Tuesday Oct 16, 2007

Introduction to Performability Analysis

Modern systems are continuing to evolve and become more tolerant to failures. For many systems today, a simple performance or availability analysis does not reveal how well a system will operate when in a degraded mode. A performability analysis can help answer these questions for complex systems. In this blog, I'll show one of the methods we use for performability analysis.

We often begin with a small set of components for test and analysis. Traditional benchmarking or performance characterization is a good starting point. For this example, we will analyze a storage array. We begin with an understanding of the performance characteristics of our desired workload, which can vary widely for storage subsystems. In our case, we will create a performance workload which includes a mix of reads and writes, with a consistent iop size, and a desired performance metric of iops/second. Storage arrays tend to have many possible RAID configurations which will have different performance and data protection trade-offs, so we will pick a RAID configuration which we think will best suit our requirements. If it sounds like we're making a lot of choices early, it is because we are. We know that some choices are clearly bad, some are clearly good, and there are a whole bunch of choices in between. If we can't meet our design targets after the performability analysis, then we might have to go back to the beginning and start again - such is the life of a systems engineer.

Once we have a reasonable starting point, we will setup a baseline benchmark to determine the best performance for a fully functional system. We will then use fault injection to measure the system performance characteristics under the various failure modes expected in the system. For most cases, we are concerned with hardware failures. Often the impact on the performance of a system under failure conditions is not constant. There may be a fault diagnosis and isolation phase, a degraded phase, and a repair phase. There may be several different system performance behaviors during these phases. The transient diagram below shows the performance measurements of a RAID array with dual redundant controllers configured in a fully redundant, active/active operating mode. We bring the system to a steady state and then inject a fault into one of the controllers.

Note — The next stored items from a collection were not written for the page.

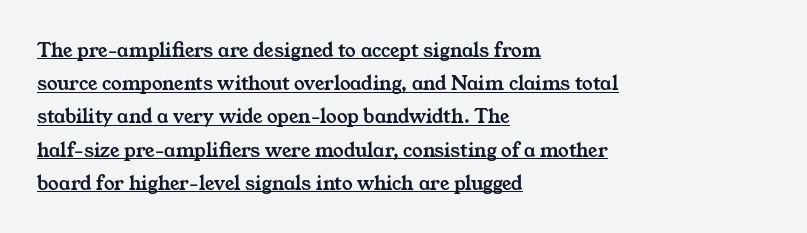
Q: Is the text underlined? A: Yes.
Q: How is the paragraph aligned? A: Left-aligned.
Q: Is the spacing between letters normal or unusually wide? A: Normal.
Q: Is the spacing between lines tight, normal or loose? A: Normal.
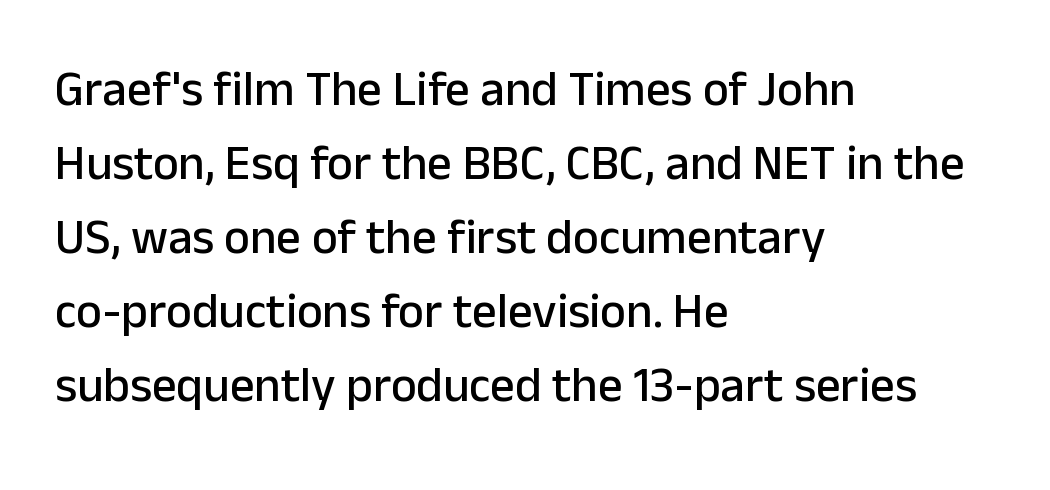
Serifs: no, the terminals of the letterforms are clean. The ragged edge is on the right, which tells us the setting is flush left. Baseline-to-baseline distance is the conventional proportion of letter height. You can tell it's not italic because the verticals are truly vertical.
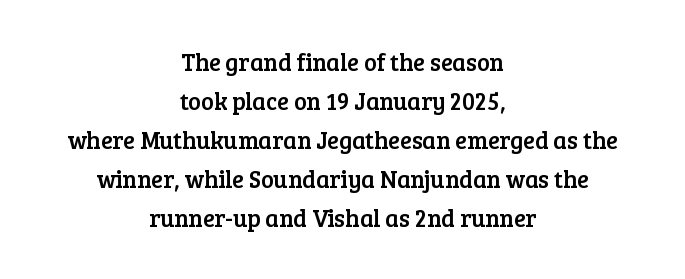
{"italic": "no", "underline": "no", "align": "center", "line_spacing": "normal", "line_spacing_ratio": 1.62, "letter_spacing": "normal", "letter_spacing_em": 0.0, "glyph_px": 24}
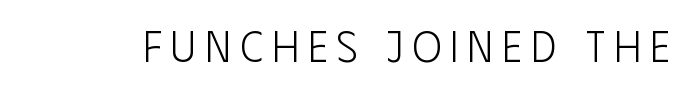
The image shows 44 px light, condensed sans-serif type, upright; set unusually wide letter spacing (+0.2 em), not underlined; low stroke contrast and a large x-height.
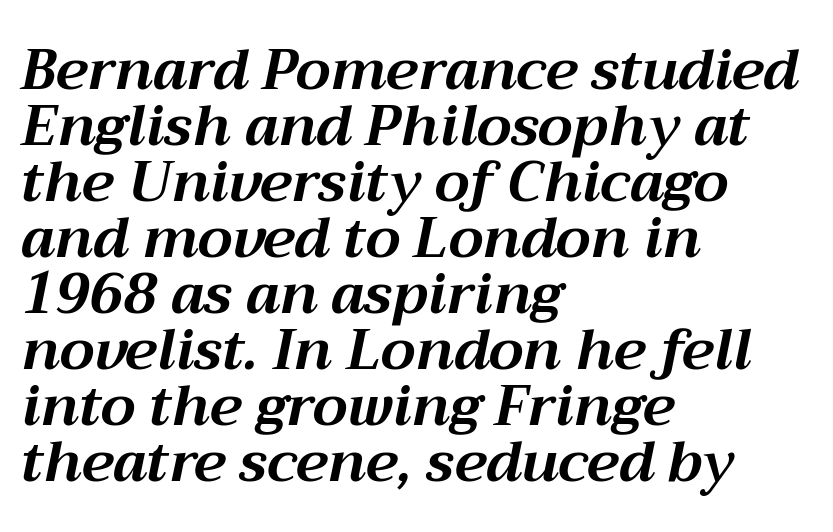
{"italic": "yes", "lean": "right", "slant_degrees": 12, "bold": "yes", "weight": "bold", "width": "normal", "stroke_contrast": "medium", "x_height": "medium", "monospaced": "no", "underline": "no", "align": "left", "line_spacing": "tight", "line_spacing_ratio": 1.0, "letter_spacing": "normal", "letter_spacing_em": 0.0, "glyph_px": 56}
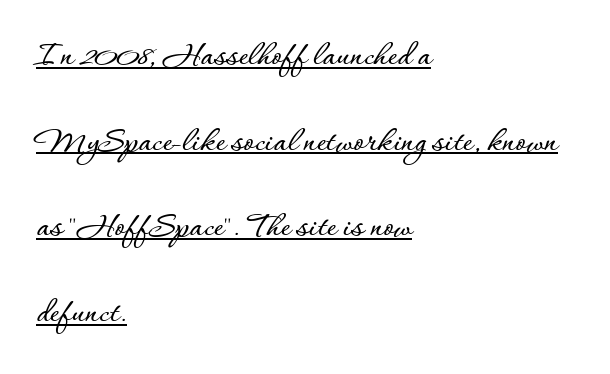
Whoever set this chose breathing room over compactness in the vertical rhythm. If you drew a ruler down the left edge, every line would touch it. The passage shown is typed in a proportional face where columns would drift. Compared with typical body copy, the letter spacing here is the same.
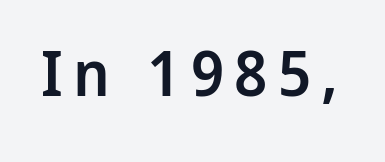
Q: Is the text bold? A: Semi-bold.
Q: Is the text italic (slanted)? A: No, it is upright.
Q: Is the typeface a serif or a sans-serif typeface? A: Sans-serif.
Q: Is the text underlined? A: No.
Q: Width (condensed, normal, or wide)? A: Normal.
Q: Stroke contrast? A: Low.
Q: x-height? A: Medium.
Q: Monospaced? A: No.
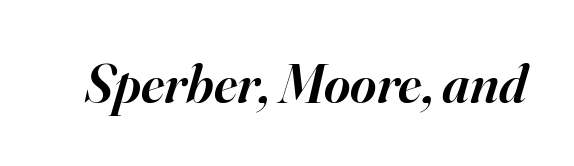
These lines are composed in type with serifs. The rendering applies a slant to the glyphs. The zone under the glyphs is completely vacant. The rendering uses a semibold face; strokes are thickened but not to full bold. Varying glyph widths throughout — classic text-font behaviour.

array fault transient analysis 

This analysis is interesting for several different reasons. We see that when the fault was injected, there was a short period where the array serviced no I/O operations. Once the fault was isolated, then a recovery phase was started during which the array was operating at approximately half of its peak performance. Once recovery was completed, the performance returned to normal, even though the system is in a degraded state. Next we repaired the fault. After the system reconfigured itself, performance returned to normal for the non-degraded system. You'll note that during the post-repair reconfiguration the array stopped servicing I/O operations and this outage was longer than the outage in the original fault. Sometimes, a trade-off is made such that the impact of the unscheduled fault is minimized at the expense of the repair activity. This is usually a good trade-off because the repair activity is usually a scheduled event, so we can limit the impact via procedures and planning. If you have ever waited for an fsck to finish when booting a system, then you've felt the impact of such decisions and understand why modern file systems have attempted to minimize the performance costs of fsck, or eliminated the need for fsck altogether.

Modeling the system in this way means that we will consider both the unscheduled faults as well as the planned repair, though we usually make the simplifying assumption that there will be one repair action for each unscheduled fault.

If this sort of characterization sounds tedious, well it is. But it is the best way for us to measure the performance of a subsystem under faulted conditions. Trying to measure the performance of a more complex system with multiple servers, switches, and arrays under a comprehensive set of fault conditions would be untenable. We do gain some reduction of the test matrix because we know that some components have no impact on performance when they fail.

Next we build a RAScad model for the system. I usually use a heirarchial model built from components which hides much of the complexity from me, but for this simpler example, the Markov model looks like this:

Markov model 

Where the states are explained by this table:

State

Explanation

Transition Rate

Explanation

28,0,1

No failures

m_repair

rate (=1/MTTR)

1 UIC_Dn

1 UIC is down

l_uic

UIC failure rate

Down

System is down

l_mp

Midplane failure rate

1 Ctlr_Dn

1 Controller is down

l_cntl

Controller failure rate

1PCU_Dn

1 PCU is down

l_pcu

PCU failure rate

27,1,0

1 disk is under reconstruction

l_recon

Disk reconstruction rate

28,1,1

1 disk is under reconstruction, 1 spare disk available

l_disk

Disk failure rate

27,0,0

No spare disk



26,0,0

One parity group loses 1 disk, no

spare available, no disk reconstruction



Solving the Markov model will provide us with the average staying time per year in each of the states. Note that we must make some sort of assumptions about the service response time. We will usually use 4 hour service response time for enterprise-class operations. Is that assumption optimal? We don't always know, so that is another feature of a system I'll explore in a later blog.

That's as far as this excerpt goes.